Encouragée par une première expérience sans tracas

N’allez pas croire que j’ai investi dans un deuxième bien immobilier pour faire joli, ou par pur caprice. En effet, je l’ai fait tout simplement parce que je trouve que c’est effectivement un placement intéressant. La vérité, c’est que je déborde de confiance lorsque je ne me casse pas les dents lors de la première expérience.

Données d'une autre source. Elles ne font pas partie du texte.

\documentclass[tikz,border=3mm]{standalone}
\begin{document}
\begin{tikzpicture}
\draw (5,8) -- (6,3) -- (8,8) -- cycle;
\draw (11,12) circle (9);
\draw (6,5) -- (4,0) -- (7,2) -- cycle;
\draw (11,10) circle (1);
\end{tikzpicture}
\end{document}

Et au vu de mon premier investissement locatif sur Blagnac, je n’ai pas rencontré de problèmes particuliers.

blagnac

À vrai dire, le quartier est mouvementé, ça bouge tout le temps, on rencontre plein de gens, si bien que j’ai eu envie de louer moi-même l’appartement que j’ai mis en location. Blague à part, je n’ai pas eu de peine à trouver des locataires. C’est un jeune couple sans histoires, qui est réglo vis-à-vis des loyers. Il faut juste que je m’améliore un peu par rapport à mes calculs d’impôts, car je m’emmêle encore les pinceaux notamment avec cette nouvelle loi Pinel. Mais bon, à la limite je pourrai toujours demander de l’aide à des gens qui s’y connaissent mieux que moi.

Un nouveau crédit immobilier : la partie angoissante

Il est vrai que la partie la plus difficile pour moi a été de passer le cap du deuxième crédit immobilier. En effet, je ne savais pas si ma banque allait accepter de me prêter une somme aussi importante en sachant que j’ai à peine commencé à rembourser mon premier crédit. Et là, contre toute attente, mon banquier m’indique que c’est tout à fait possible si quelques conditions sont respectées. Je suis alors toute ouïe.

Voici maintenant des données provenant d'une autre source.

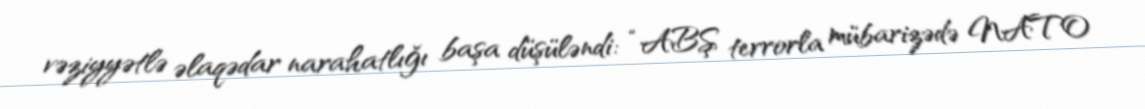
vəziyyətlə əlaqədar narahatlığı başa düşüləndi: “ABŞ terrorla mübarizədə NATO
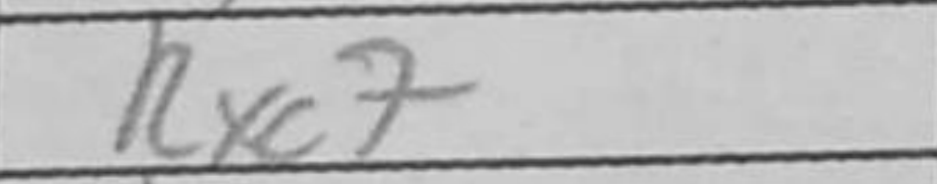
Transcription: Rxc7
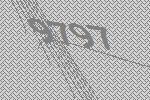
9797
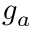
g _ { a }
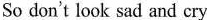
So don't look sad and cry
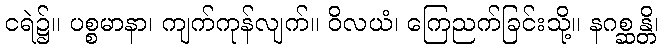
ငရဲ၌။ ပစ္စမာနာ၊ ကျက်ကုန်လျက်။ ဝိလယံ၊ ကြေညက်ခြင်းသို့။ နဂစ္ဆန္တိ၊
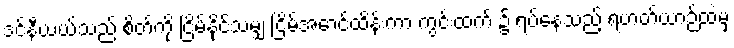
ဒင်နီယယ်သည် စိတ်ကို ငြိမ်နိုင်သမျှ ငြိမ်အောင်ထိန်းကာ ကွင်းထက် ၌ ရပ်နေသည့် ရဟတ်ယာဉ်ထဲမှ
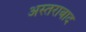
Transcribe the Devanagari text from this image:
अस्तराबाद
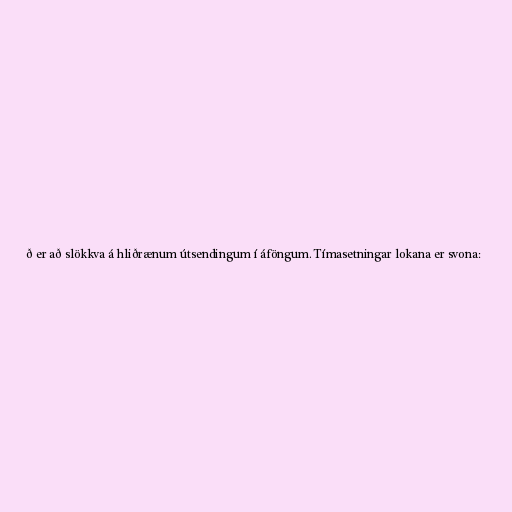
ð er að slökkva á hliðrænum útsendingum í áföngum. Tímasetningar lokana er svona:
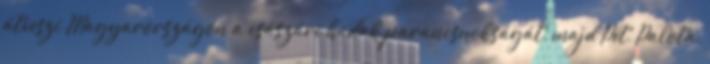
átveszi Magyarországon a császári hadak parancsnokságát, majd Pét, Palota,
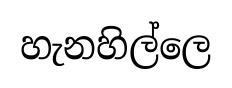
හැනහිල්ලෙ
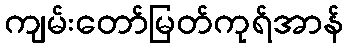
ကျမ်းတော်မြတ်ကုရ်အာန်
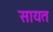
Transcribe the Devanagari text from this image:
सायत
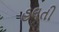
હલતી
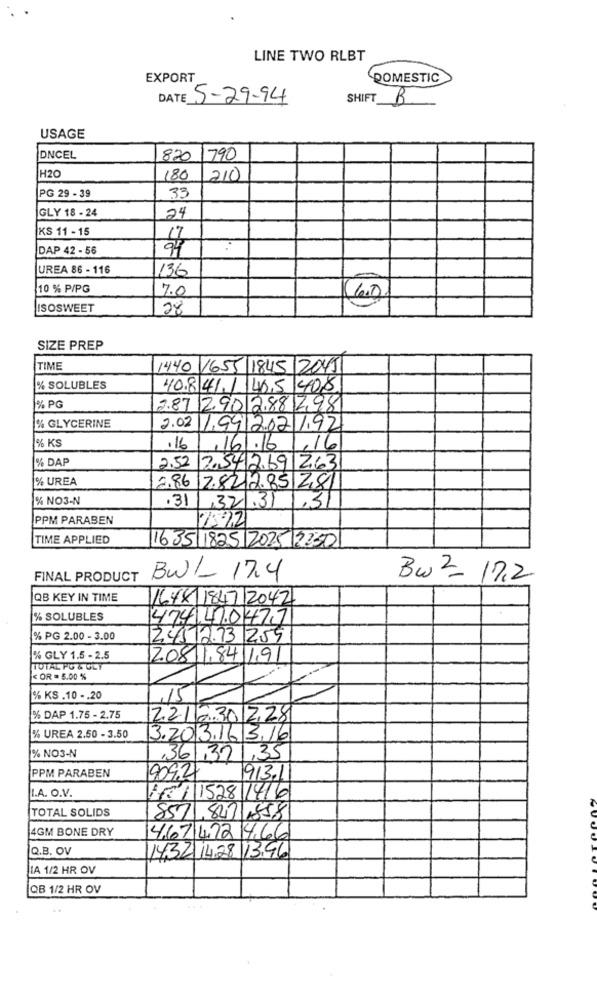
LINE TWO RLBT
EXPORT
ROMESTIC
E 5-29-94
SHIFT B
USAGE
DNCEL
820
1790
H20
180
210
PG 29 - 39
33
GLY 18 - 24
24
KS 11 - 15
DAP 42 - 56
94
UREA 86 - 116
1136
10 % P/PG
7.0
ISOSWEET
28
SIZE PREP
TIME
1440 1655 1845 2049
% SOLUBLES
40.8 41 / 465 408
% PG
2.87 2901288298
% GLYCERINE
2.02 1.9912.02 1.92
% KS
.16
16/./6/16
% DAP
2.52
254 269 263
% UREA
2.86 2.8212.85 2,81
% NO3-N
.31
32.31
1.31
PPM PARABEN
7592
TIME APPLIED
1635 1825 2025 23:50
FINAL PRODUCT
Bwl- 17.4
Bw 2- 17,2
QB KEY IN TIME
1648 1847 2042
% SOLUBLES
474 41047,7
% PG 2.00 - 3.00
24512.73 255
% GLY 1.5 - 2.5
208 1,84 1.91
TOTAL PO & GLY
< OR = 5.00 %
% KS .10 -. 20
,15
% DAP 1.75 - 2.75
221 230 228
% UREA 2.50 - 3.50
3.20 3.16 3.16
% NO3-N
361,321,35
PPM PARABEN
1909.2
913.1
I.A. O.V.
7781 1528 1416
TOTAL SOLIDS
857.8431858
4GM BONE DRY
4.67 472 4.66
Q.B. OV
1432 1428 1396
LA 1/2 HR OV
QB 1/2 HR OV
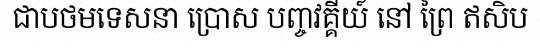
ជាបថមទេសនា ប្រោស បញ្ចវគ្គីយ៍ នៅ ព្រៃ ឥសិប
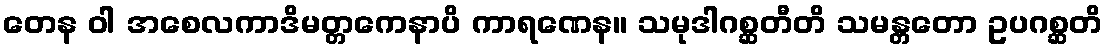
တေန ဝါ အစေလကာဒိမတ္တကေနာပိ ကာရဏေန။ သမုဒါဂစ္ဆတီတိ သမန္တတော ဥပဂစ္ဆတိ
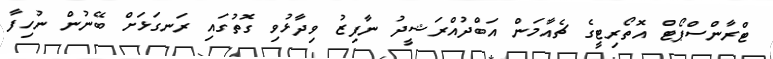
ޓްރާންސްޕޯޓް އޮތޯރިޓީގެ ޗެއާމަން އަބްދުއްރަޝީދު ނާފިޒު ވިދާޅުވި ގޮތުގައި ރަނގަޅަށް ބޭނުން ނުހިފާ

Il m’explique alors qu’il faut juste que mon taux d’endettement total ne dépasse pas les 33 % de mes revenus. Il m’indique aussi que le remboursement de mon premier crédit immobilier représente 12 % de mes revenus. Comme je n’ai pas souscrit d’autres crédits en parallèle, il se trouve alors que j’ai la possibilité de souscrire un nouveau crédit. Une chance alors que j’ai toujours payé mes mensualités à temps et que je n’ai jamais eu de découvert bancaire.

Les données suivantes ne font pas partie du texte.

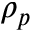
\rho _ { p }
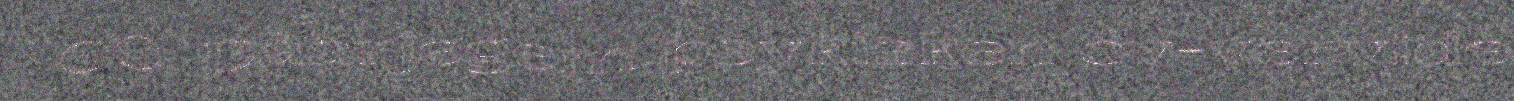
00. Dåarjegem psykisken ov-vervide
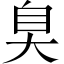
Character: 𦤀
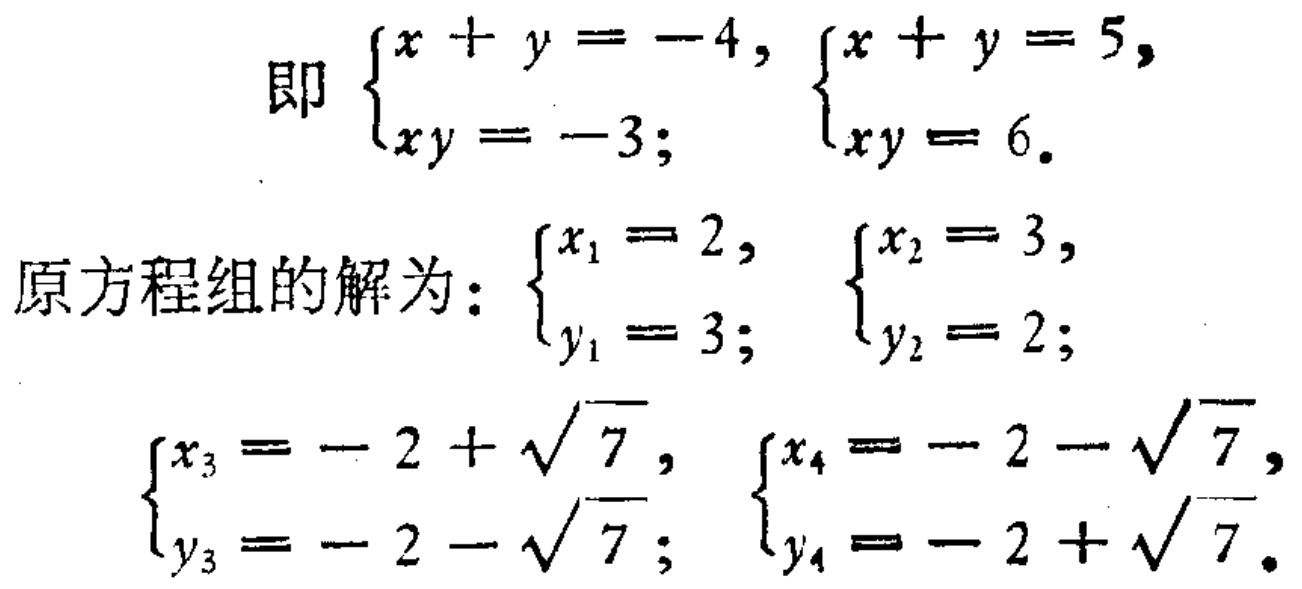
即
\(\begin{cases}
x + y = -4, \\
xy = -3;
\end{cases}\)
\(\begin{cases}
x + y = 5, \\
xy = 6.
\end{cases}\)
原方程组的解为：
\(\begin{cases}
x_1 = 2, \\
y_1 = 3;
\end{cases}\)
\(\begin{cases}
x_2 = 3, \\
y_2 = 2;
\end{cases}\)
\(\begin{cases}
x_3 = -2 + \sqrt{7}, \\
y_3 = -2 - \sqrt{7};
\end{cases}\)
\(\begin{cases}
x_4 = -2 - \sqrt{7}, \\
y_4 = -2 + \sqrt{7}.
\end{cases}\)

Un bien immobilier en plein Toulouse, que du bonheur

Dans mes projets, j’avais prévu un appartement neuf à Toulouse, afin de pouvoir bénéficier des avantages de la loi Pinel à Toulouse tout en ayant un bien immobilier non loin de celui que j’ai déjà à Blagnac. Mais au fond de moi je n’y croyais pas vraiment, dans la mesure où la ville rose est très sollicitée. En faisant quelques recherches dans toute la ville et en épluchant toutes les annonces, je n’ai pu rien trouver d’exceptionnel.

toulouse

C’est en faisant appel à une société spécialisée dans l’immobilier à Toulouse que je suis tombée sur la perle rare. Un appartement trois-pièces avec vue bien dégagée, tout près du centre-ville de Toulouse. Comme dans les films, je me suis dit : bingo, ma vieille !

Je viens de me lancer dans un deuxième projet d’investissement dans l’immobilier, après mon expérience à Blagnac. En effet, pourquoi ne pas se lancer maintenant tant que j’en ai encore l’occasion ? Après tout, j’ai déjà dépassé les trente piges !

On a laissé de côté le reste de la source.